How to run multi-GPU single node training with ray and PyTorch Lightning?

I have a cluster with 4 GPUs on a single node. I need to run DDP training using all the GPUs available on that node. From the docs, I set num_workers=1 and devices=4, num_nodes=1 for PyTorch Lightning. But it’s not working as expected. Am I missing something?

Here is a minimal code for it.

import torch
from lightning.pytorch import LightningModule, Trainer
from torch.utils.data import DataLoader, Dataset
from argparse import ArgumentParser
import ray.train.lightning
import ray.train.torch
from ray.train.torch import TorchTrainer
from ray.train import ScalingConfig
from ray import train
import time


class RandomDataset(Dataset):
    def __init__(self, size, length):
        self.len = length
        self.data = torch.randn(length, size)

    def __getitem__(self, index):
        return self.data[index]

    def __len__(self):
        return self.len


class BoringModel(LightningModule):
    def __init__(self):
        super().__init__()
        self.layer = torch.nn.Linear(32, 2048)
        self.layer2 = torch.nn.Linear(2048, 2)

    def forward(self, x):
        return self.layer2(self.layer(x))

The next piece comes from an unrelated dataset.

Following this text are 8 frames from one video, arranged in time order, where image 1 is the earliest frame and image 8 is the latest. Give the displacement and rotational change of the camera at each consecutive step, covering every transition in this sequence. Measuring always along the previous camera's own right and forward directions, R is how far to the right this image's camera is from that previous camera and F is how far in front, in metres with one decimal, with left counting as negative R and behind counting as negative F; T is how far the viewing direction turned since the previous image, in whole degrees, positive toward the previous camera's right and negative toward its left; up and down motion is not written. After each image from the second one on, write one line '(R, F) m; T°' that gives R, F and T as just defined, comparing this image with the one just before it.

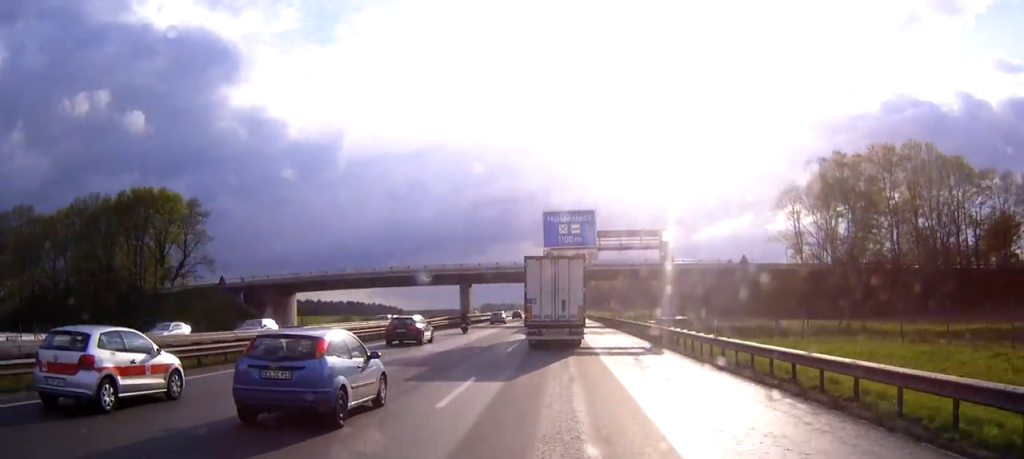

    def training_step(self, batch, batch_idx):
        loss = self(batch).sum()
        return loss

    def configure_optimizers(self):
        return torch.optim.SGD(self.parameters(), lr=0.1)


def run(config):
    train_data = DataLoader(RandomDataset(32, 64), batch_size=2)

    model = BoringModel()
    plugins = [
        ray.train.lightning.RayLightningEnvironment(),
    ]

    trainer = Trainer(
        strategy=ray.train.lightning.RayDDPStrategy(),
        plugins=plugins,
        enable_model_summary=False,
        profiler='simple',
        **config,
    )
    trainer.fit(model, train_dataloaders=train_data)

def _main():
    config = {}
    config["num_nodes"] = 1
    config["devices"] = 4

    trainer = TorchTrainer(
        train_loop_per_worker=run,
        train_loop_config=config,
        scaling_config=ScalingConfig(
            num_workers=1,
            use_gpu=True,
        ),
    )

    trainer.fit()


if __name__ == "__main__":
    _main()